Just when this pregnancy was starting to feel like I still have a-ways to go, I looked at my calendar and whatdya know- I'll be in my 3rd trimester by next week! That, and this wonderful change in weather has given me the positive boost that I needed right now. Isn't it such a funny thing about pregnancy ~ it seems to be soooooo long when really it's less than a year. That's not very long considering the human being you get for a lifetime from it. That fact stuns me every time I meet one of our children for the first time as my head suddenly is filled with thoughts such as~ "Here you are!" "You are ours!" and "It was ALL so worth it!"

Earlier this week (phrase I use when my days all begin to blend together), I caught a headline in the Wall Street Journal about athletes and concussions. This topic is of interest to me ever since last summer when I personally met the ER doc for a local high school. What? You didn't know high school's have an assigned ER dr? Me either. I was even a cheerleader all throughout high school which meant I often rode on our team's bus and was friends with many of the athletes. Never in all my years do I remember meeting any doctors, hearing about concussions, or long term brain damage as possible health concerns for us young kids (click here for that WSJ article). I remember attending safety clinics since we often performed cheer stunts but in looking back, rules were still pretty lax about the necessary precautions to follow. Regardless, I was dedicated to cheering through and through and even though I still found being a flier pretty scary at times, I always just locked my muscles (this makes you lighter), smiled, and did it. Thankfully, none of my fellow cheerleaders or I were ever seriously injured. I still to this day consider my years as a cheerleader to be some of the best moments of my life.

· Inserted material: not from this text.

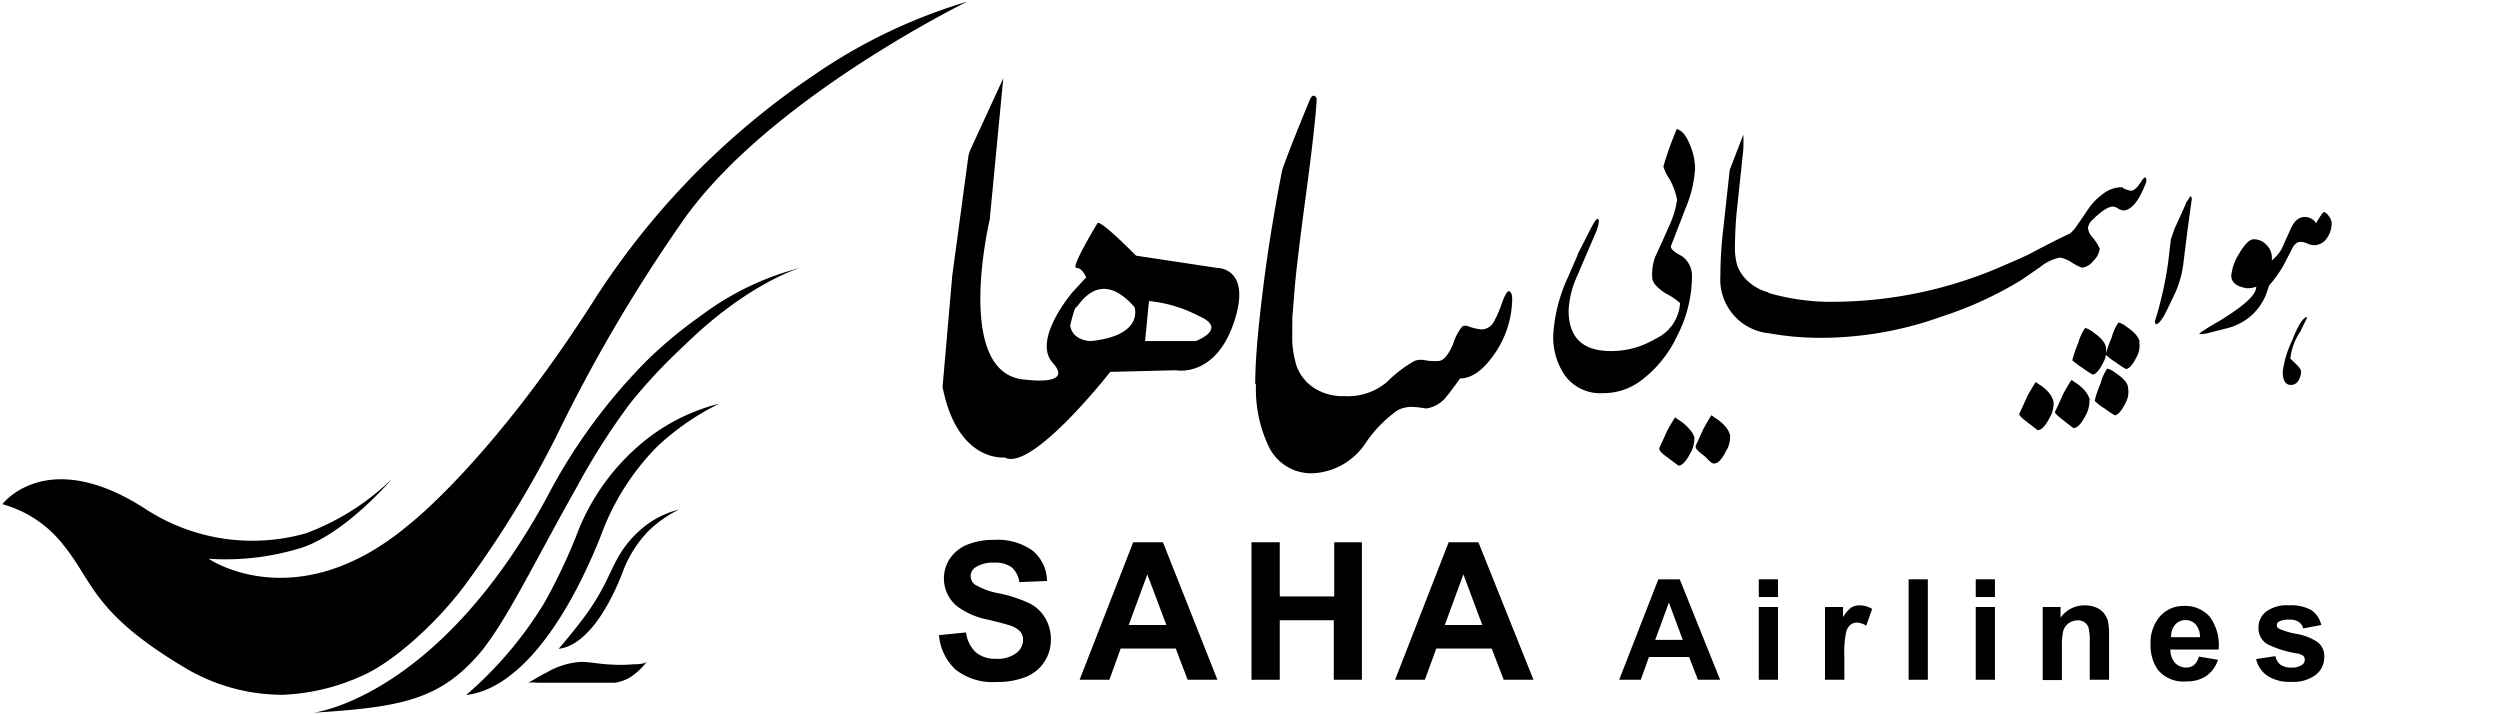 <svg id="Layer_1" data-name="Layer 1" xmlns="http://www.w3.org/2000/svg" viewBox="0 0 168 48"><defs><style>.cls-1{fill:#000;}.cls-2{fill:#000;}.cls-3{fill:#000;}</style></defs><path class="cls-1" d="M.16,33.88s3-4,9.69.37a13.16,13.16,0,0,0,10.7,1.59,16.51,16.51,0,0,0,5.78-3.65s-3,3.56-6,4.6a17.24,17.24,0,0,1-6.31.76s5.91,4.07,13.48-2.31c0,0,5.41-4.17,12.18-14.69A52.14,52.14,0,0,1,54.76,5,36.48,36.48,0,0,1,65,.11s-13.66,6.67-19.3,15a105.67,105.67,0,0,0-8.21,14A68.7,68.7,0,0,1,31.11,39.5c-2,2.62-4.86,5.1-6.8,5.92A14.14,14.14,0,0,1,19,46.69a12.81,12.81,0,0,1-6.73-1.91c-6-3.61-6-5.65-7.95-8.08A7.85,7.85,0,0,0,.16,33.88Z"/><path class="cls-2" d="M21.09,47.89s8.4-1,15.72-14.58a37.71,37.71,0,0,1,6.65-9.07,28.87,28.87,0,0,1,3.61-3A18.91,18.91,0,0,1,53.78,18s-3.51,1-7.82,5.24a35.49,35.49,0,0,0-3.65,3.91,46.05,46.05,0,0,0-3.54,5.56c-2.82,5-4.78,9.1-6.52,11.17C29.58,47,27,47.53,21.09,47.89Z"/><path class="cls-3" d="M31.33,46.7a25.93,25.93,0,0,0,5.25-6.19,38.19,38.19,0,0,0,2.34-5,14.88,14.88,0,0,1,3.64-5.23,13.11,13.11,0,0,1,5.76-3.15A17.39,17.39,0,0,0,44.17,30a16.62,16.62,0,0,0-3.81,6.05C37.83,42.36,34.58,46.34,31.33,46.7Z"/><path class="cls-3" d="M37.54,43.6s.72-.81,1.62-2a15.8,15.8,0,0,0,1.38-2.16c.39-.74.71-1.54,1.15-2.25a6.91,6.91,0,0,1,1.2-1.45,6.17,6.17,0,0,1,2.74-1.5,8.05,8.05,0,0,0-2,1.39,7.88,7.88,0,0,0-1.81,2.88C40.64,41.53,39.09,43.43,37.54,43.6Z"/><path class="cls-3" d="M35.51,45.87c.41-.21.79-.48,1.21-.67A5.25,5.25,0,0,1,39,44.48c.59,0,1.18.12,1.77.16s1.18.06,1.78,0c.22,0,.79,0,.94-.21a4.49,4.49,0,0,1-1.09,1.05,2.79,2.79,0,0,1-1.08.4c-.68,0-1.36,0-2,0s-1.6,0-2.4,0l-.75,0A5,5,0,0,0,35.51,45.87Z"/><path class="cls-1" d="M151.93,18.78a1.87,1.87,0,0,1,.77-1.31,2.62,2.62,0,0,0,.63-.75l.63-1.4c.23-.49.54-.74.93-.74a.89.89,0,0,1,.75.42c.29-.5.47-.75.53-.75s.21.09.33.28a.86.86,0,0,1,.19.44,1.76,1.76,0,0,1-.3,1,1.05,1.05,0,0,1-.89.51,1.25,1.25,0,0,1-.45-.12,1.33,1.33,0,0,0-.44-.11c-.23,0-.43.15-.58.46q-.59,1.16-.66,1.26a8,8,0,0,1-.91,1.24l-.58.42Z"/><path class="cls-1" d="M155.05,21.32c-.15.31-.31.63-.46.95a4,4,0,0,0-.68,1.83l.37.35c.24.23.35.4.35.51a1.17,1.17,0,0,1-.18.62.58.58,0,0,1-.49.29c-.38,0-.56-.3-.56-.91a7.1,7.1,0,0,1,.63-2.08C154.46,21.79,154.81,21.27,155.05,21.32Z"/><path class="cls-1" d="M152.38,19.49a3.72,3.72,0,0,1-2,2.31,3.79,3.79,0,0,1-.81.28l-1.26.32-.31.05c-.12,0-.19,0-.21,0s.07-.1.24-.21l.3-.19s.3-.19.86-.51c1.62-1,2.43-1.72,2.43-2.27a1.72,1.72,0,0,1-.63.1c-.7-.11-1.05-.39-1.05-.85a3.35,3.35,0,0,1,.51-1.44c.39-.69.74-1,1-1a1.13,1.13,0,0,1,.85.37,1.19,1.19,0,0,1,.37.87c0,.11,0,.28,0,.51A4.59,4.59,0,0,1,152.38,19.49Z"/><path class="cls-1" d="M146.9,13.67c0-.06.1-.18.21-.35a.49.49,0,0,1,.11-.14.37.37,0,0,1,.07.19l-.11.79L147,15.47l-.26,2.08a7,7,0,0,1-.56,2.12l-.54,1.12c-.32.67-.58,1-.77,1l-.07-.17a24.57,24.57,0,0,0,.91-4.06l.17-1.47.25-.72Z"/><path class="cls-1" d="M142.67,12.65a3.27,3.27,0,0,0,.51.17c.22,0,.45-.21.7-.61.13-.2.22-.3.28-.28s.14.18,0,.47a3.9,3.9,0,0,1-.19.44c-.4.87-.85,1.31-1.33,1.31Z"/><path class="cls-1" d="M141.51,23.32a1.49,1.49,0,0,1-.15,1c-.26.53-.5.82-.73.85a5.81,5.81,0,0,1-.69-.45,4.76,4.76,0,0,1-.68-.51,8.06,8.06,0,0,1,.4-1.17,3.28,3.28,0,0,1,.46-1,1.32,1.32,0,0,1,.52.27C141.17,22.68,141.46,23,141.51,23.32ZM143,26.05a1.49,1.49,0,0,1-.15,1c-.26.53-.5.82-.73.86a7.15,7.15,0,0,1-.69-.46,3.71,3.71,0,0,1-.67-.51,6.8,6.8,0,0,1,.4-1.17,3,3,0,0,1,.45-1,1.32,1.32,0,0,1,.52.27C142.7,25.41,143,25.75,143,26.05Zm.75-3.1a1.49,1.49,0,0,1-.15,1c-.26.53-.5.82-.73.85a5.81,5.81,0,0,1-.69-.45,4.26,4.26,0,0,1-.67-.51,6.8,6.8,0,0,1,.4-1.17,3.14,3.14,0,0,1,.45-1,1.32,1.32,0,0,1,.52.27Q143.71,22.49,143.79,23Z"/><path class="cls-1" d="M142.66,14.13a.73.73,0,0,1-.34-.13.85.85,0,0,0-.32-.12c-.31,0-.75.28-1.33.84a1,1,0,0,0-.35.53l-.65-.23.68-1a3.84,3.84,0,0,1,.91-.94,2.05,2.05,0,0,1,1.16-.49l.24,0a2.38,2.38,0,0,1,.11.7A2.46,2.46,0,0,1,142.66,14.13Z"/><path class="cls-1" d="M138,27a1.92,1.92,0,0,1-.28,1.1c-.28.54-.54.81-.79.81l-.75-.58c-.33-.25-.49-.42-.49-.51l.05-.1.51-1.12c.06-.12.22-.39.47-.81l.09-.12a1.61,1.61,0,0,0,.33.23,2.81,2.81,0,0,1,.53.47A1.6,1.6,0,0,1,138,27Zm2.41-.14a2,2,0,0,1-.28,1.1c-.28.54-.55.81-.8.81l-.74-.58c-.33-.25-.5-.42-.5-.51l.05-.1c.1-.2.27-.57.51-1.12.07-.12.22-.39.47-.81l.1-.12a1.79,1.79,0,0,0,.32.23,2.66,2.66,0,0,1,.54.47A1.75,1.75,0,0,1,140.45,26.9Z"/><path class="cls-1" d="M113.86,29.37a1.92,1.92,0,0,1-.28,1.1c-.28.55-.55.82-.79.82L112,30.7c-.33-.24-.49-.42-.49-.51l0-.09.51-1.12c.06-.13.22-.4.47-.82l.09-.12a1.56,1.56,0,0,0,.33.24,2.89,2.89,0,0,1,.53.46A1.75,1.75,0,0,1,113.86,29.37Zm2.4-.14a1.84,1.84,0,0,1-.28,1.1c-.28.55-.54.82-.79.82s-.42-.34-.75-.58-.49-.43-.49-.52l0-.09.51-1.12c.07-.13.22-.4.47-.82l.09-.12a1.89,1.89,0,0,0,.33.24,3.1,3.1,0,0,1,.54.46A1.57,1.57,0,0,1,116.26,29.23Z"/><path class="cls-1" d="M139.68,15l1-.3a.71.71,0,0,0-.37.53,1,1,0,0,0,.23.63,3.4,3.4,0,0,1,.56.84,1.31,1.31,0,0,1-.42.82,1.13,1.13,0,0,1-.77.47,3.41,3.41,0,0,1-.67-.34,2.07,2.07,0,0,0-.8-.34,2.9,2.9,0,0,0-1.33.63l-1.33.91a25.06,25.06,0,0,1-5.32,2.43,24,24,0,0,1-7.92,1.42,19.49,19.49,0,0,1-3.75-.32V19.67a15.1,15.1,0,0,0,4.55.61,28.66,28.66,0,0,0,11.34-2.45c.91-.39,1.49-.65,1.76-.79.84-.45,1.73-.91,2.68-1.36A3,3,0,0,0,139.68,15Z"/><path class="cls-1" d="M118.81,22.39a3.63,3.63,0,0,1-3.2-3.85,27.28,27.28,0,0,1,.19-3.13l.44-4,.91-2.36s0,0,0,0a10,10,0,0,1,0,1l-.4,3.78a25.77,25.77,0,0,0-.16,2.66,4.4,4.4,0,0,0,.16,1.38,3,3,0,0,0,.35.63,3.2,3.2,0,0,0,1.71,1.14,2.35,2.35,0,0,1,.37,1.24A3.93,3.93,0,0,1,118.81,22.39Z"/><path class="cls-1" d="M111.23,17.26c.39-.84.69-1.51.9-2a6.15,6.15,0,0,0,.57-1.84,4.67,4.67,0,0,0-.5-1.37,3.17,3.17,0,0,1-.42-.86,21.57,21.57,0,0,1,.9-2.52c.37.1.67.49.92,1.15a4.21,4.21,0,0,1,.31,1.52,8.08,8.08,0,0,1-.63,2.63q-.32.84-1,2.58c0,.19.24.41.73.65a1.64,1.64,0,0,1,.69,1.45,8.82,8.82,0,0,1-1,3.93,7.93,7.93,0,0,1-2.54,3.08,4.22,4.22,0,0,1-2.47.76,2.93,2.93,0,0,1-2.52-1.18,4.52,4.52,0,0,1-.79-2.76,10.68,10.68,0,0,1,1-3.88l.63-1.45c0-.09.23-.48.58-1.18.42-.86.67-1.28.76-1.26s.11.11.08.29a3.2,3.2,0,0,1-.16.55l-1.26,2.94a6.36,6.36,0,0,0-.6,2.36c0,1.83.94,2.74,2.83,2.74a5.73,5.73,0,0,0,3-.82,2.82,2.82,0,0,0,1.66-2.41,4.87,4.87,0,0,0-.94-.63q-.93-.59-.93-1.08A3.39,3.39,0,0,1,111.23,17.26Z"/><path class="cls-3" d="M81.77,18l-5.43-.82C73.75,14.57,73.75,15,73.75,15S71.92,18,72.33,18s.66.64.66.64l-.92,1s-2.74,3.19-1.32,4.75S69,25.52,69,25.52c-5-.2-2.49-10.77-2.49-10.77l.91-9.49-.2.44-2,4.34a2.21,2.21,0,0,0-.15.5l-1.08,8L63.34,26c1,5.11,4.17,4.74,4.17,4.74,1.82,1,7.1-5.75,7.1-5.75L79,24.88s2.64.55,3.91-3.19S81.77,18,81.77,18ZM73.3,22.92s-1.23,0-1.38-1.05c0,0,.26-1.19.41-1.23s1.52-2.74,3.91,0C76.24,20.64,76.91,22.55,73.3,22.92Zm7,0-3.35,0,.26-2.69a9.1,9.1,0,0,1,3.34,1C82.58,22.1,80.35,22.92,80.35,22.92Z"/><path class="cls-3" d="M86.84,21.45a11.11,11.11,0,0,1-.23,1.87,5.79,5.79,0,0,1-.45,1.42,2.1,2.1,0,0,1-.73.88,1.55,1.55,0,0,1-1.08.2q0-2.13.47-5.94c.3-2.55.74-5.36,1.34-8.44q.45-1.33,1.86-4.73.14-.33.3-.27a.26.26,0,0,1,.16.27c-.06,1.11-.3,3.24-.72,6.37s-.68,5.29-.77,6.45S86.84,21.34,86.84,21.45Z"/><path class="cls-3" d="M86.84,21.48c0,.65,0,1.14,0,1.45a6.6,6.6,0,0,0,.32,1.75,3.07,3.07,0,0,0,1.14,1.39,3.57,3.57,0,0,0,2.07.55,4.05,4.05,0,0,0,2.81-.93,8.77,8.77,0,0,1,1.86-1.43,1.26,1.26,0,0,1,.73-.05,3.55,3.55,0,0,0,.87.05c.35,0,.67-.37,1-1.12a3.48,3.48,0,0,1,.63-1.21.49.49,0,0,1,.4,0,3.64,3.64,0,0,0,.91.21,1,1,0,0,0,.86-.62,7.39,7.39,0,0,0,.49-1.15c.19-.53.35-.8.46-.8s.23.17.23.5a6.59,6.59,0,0,1-1.12,3.61c-.78,1.16-1.57,1.75-2.38,1.75-.51.71-.81,1.1-.88,1.17a2.09,2.09,0,0,1-1.41.85,6.69,6.69,0,0,0-1-.11,2.19,2.19,0,0,0-.9.22,8.6,8.6,0,0,0-2.18,2.24,4.49,4.49,0,0,1-3.46,2,3.16,3.16,0,0,1-3-1.73,8.94,8.94,0,0,1-.89-4.18,18.36,18.36,0,0,1,1.06-3.28c.36-.88.73-1.31,1.09-1.31C86.61,21.26,86.71,21.33,86.84,21.48Z"/><path class="cls-2" d="M63.1,42.68l1.82-.18a2.21,2.21,0,0,0,.66,1.34,2,2,0,0,0,1.35.43,2.08,2.08,0,0,0,1.36-.38,1.11,1.11,0,0,0,.46-.89.83.83,0,0,0-.19-.56,1.54,1.54,0,0,0-.67-.4c-.22-.08-.72-.21-1.5-.4a5.06,5.06,0,0,1-2.1-.92,2.42,2.42,0,0,1-.46-3.18A2.59,2.59,0,0,1,65,36.6a4.7,4.7,0,0,1,1.82-.32,4,4,0,0,1,2.62.76,2.72,2.72,0,0,1,.92,2l-1.86.08a1.61,1.61,0,0,0-.52-1,1.87,1.87,0,0,0-1.18-.31,2.13,2.13,0,0,0-1.27.33.68.68,0,0,0-.3.58.71.71,0,0,0,.28.56,4.91,4.91,0,0,0,1.71.61,9.39,9.39,0,0,1,2,.67,2.64,2.64,0,0,1,1,.94A2.81,2.81,0,0,1,70.62,43a2.68,2.68,0,0,1-.45,1.49,2.63,2.63,0,0,1-1.24,1,5.16,5.16,0,0,1-2,.34A4,4,0,0,1,64.22,45,3.55,3.55,0,0,1,63.1,42.68Z"/><path class="cls-2" d="M81.81,45.68h-2l-.8-2.1h-3.7l-.76,2.1h-2l3.6-9.24h2ZM78.38,42,77.1,38.6,75.85,42Z"/><path class="cls-2" d="M84.1,45.68V36.44H86v3.64h3.66V36.44h1.86v9.24H89.63v-4H86v4Z"/><path class="cls-2" d="M103.05,45.68h-2l-.81-2.1H96.52l-.77,2.1h-2l3.6-9.24h2ZM99.61,42,98.34,38.6,97.09,42Z"/><path class="cls-1" d="M115.59,45.68H114.1l-.59-1.53h-2.7l-.55,1.53h-1.45l2.63-6.75h1.44ZM113.08,43l-.93-2.51L111.23,43Z"/><path class="cls-1" d="M118.19,40.12V38.93h1.29v1.19Zm0,5.56V40.79h1.29v4.89Z"/><path class="cls-1" d="M123.94,45.68h-1.3V40.79h1.21v.69a2.26,2.26,0,0,1,.55-.65,1.07,1.07,0,0,1,.56-.15,1.63,1.63,0,0,1,.85.24l-.4,1.13a1.15,1.15,0,0,0-.61-.21.73.73,0,0,0-.46.15,1,1,0,0,0-.29.54,7.15,7.15,0,0,0-.11,1.64Z"/><path class="cls-1" d="M128.26,45.68V38.93h1.29v6.75Z"/><path class="cls-1" d="M132.77,40.12V38.93h1.29v1.19Zm0,5.56V40.79h1.29v4.89Z"/><path class="cls-1" d="M141.73,45.68h-1.3v-2.5a3.67,3.67,0,0,0-.08-1,.72.72,0,0,0-.72-.49,1.06,1.06,0,0,0-.6.18,1,1,0,0,0-.37.49,4.47,4.47,0,0,0-.1,1.12v2.22h-1.29V40.79h1.2v.72a1.94,1.94,0,0,1,1.61-.83,2,2,0,0,1,.79.15,1.3,1.3,0,0,1,.53.4,1.5,1.5,0,0,1,.26.54,4.58,4.58,0,0,1,.07.87Z"/><path class="cls-1" d="M147.76,44.12l1.29.22a2.14,2.14,0,0,1-.78,1.08,2.31,2.31,0,0,1-1.35.37A2.21,2.21,0,0,1,145,45a2.84,2.84,0,0,1-.48-1.69,2.67,2.67,0,0,1,.64-1.9,2.08,2.08,0,0,1,1.6-.69,2.18,2.18,0,0,1,1.73.72,3.19,3.19,0,0,1,.6,2.21h-3.24a1.29,1.29,0,0,0,.31.89,1,1,0,0,0,.75.32.8.8,0,0,0,.51-.16A1,1,0,0,0,147.76,44.12Zm.08-1.3a1.29,1.29,0,0,0-.29-.86.92.92,0,0,0-.68-.29.9.9,0,0,0-.7.31,1.21,1.21,0,0,0-.27.84Z"/><path class="cls-1" d="M151.61,44.29l1.3-.2a.91.91,0,0,0,.33.57,1.15,1.15,0,0,0,.71.2,1.23,1.23,0,0,0,.76-.19.41.41,0,0,0,.17-.34.37.37,0,0,0-.09-.25,1.06,1.06,0,0,0-.44-.17,7,7,0,0,1-2-.63,1.25,1.25,0,0,1-.58-1.1,1.35,1.35,0,0,1,.5-1.07,2.33,2.33,0,0,1,1.56-.43,2.8,2.8,0,0,1,1.49.32,1.64,1.64,0,0,1,.67,1l-1.22.23a.73.73,0,0,0-.3-.44,1.07,1.07,0,0,0-.62-.15,1.46,1.46,0,0,0-.73.14A.31.31,0,0,0,153,42a.28.28,0,0,0,.13.24,5,5,0,0,0,1.21.36,3.55,3.55,0,0,1,1.44.58,1.2,1.2,0,0,1,.41,1,1.49,1.49,0,0,1-.56,1.16,2.52,2.52,0,0,1-1.67.48,2.74,2.74,0,0,1-1.58-.4A1.87,1.87,0,0,1,151.61,44.29Z"/></svg>

So, what happens when that daring and determined cheerleader grows up and has children? Naturally, I want to be their cheerleaders while they participate in whatever makes them happy. EXCEPT for the sports found on this list....


This fear becomes even more real when your almost 3-yr old gets a son's happened radomly here at home one day in our living room. I remember being in the kitchen and out of the corner of my eye, looked over as he slipped off a toy drum (I have no idea why, but he was standing on it with a blanket) and landed smack on the back of his head directly onto our hardwood floors. This is how I got to meet the local ER dr. It was through that event that I learned first-hand about the worry, shock, and did I mention WORRY? involved with children getting seriously hurt. Thankfully, Benjamin turned out to be just fine and we came away with this crucial piece of knowledge told to us by the ER dr, our pediatrician, and the Academy of Pediatrics (that's a lot of experience if you ask me!):

When a child throws up immediately after taking a fall to the head, that's a good sign (should still stop activity and wait at least 24 hrs. for any symptoms to subside, as well as get checked out by a dr.), BUT if a child throws up after a longer period of time after the fall: GET THEM TO THE ER. 

When Benjamin fell he screamed. I knew he was shocked and scared but I didn't think much of it because kids fall all the time right? There was no blood and the toy drum that he fell off from was only about 5" tall. I had him sit down on the couch, turned on a cartoon, and went for an ice pack. When I returned I didn't feel any bumps anywhere on his head (another sign of a possible concussion)....but Benjamin just wasn't acting himself. I called Bart and he was home in about 30 min. Meanwhile I had Grant to take care of so I had to just let Benjamin be a for a bit. He was still pretty insistent on me staying close by his side and seemed a bit restless.....he normally loved this cartoon so I knew something was wrong. Once Bart got home Benjamin seemed almost withdrawn which for those of you who know Benjamin, is NOT like him at all. Then when Bart tried to lift him off the couch he lunged for me and threw up, which was about 45 min after he fell.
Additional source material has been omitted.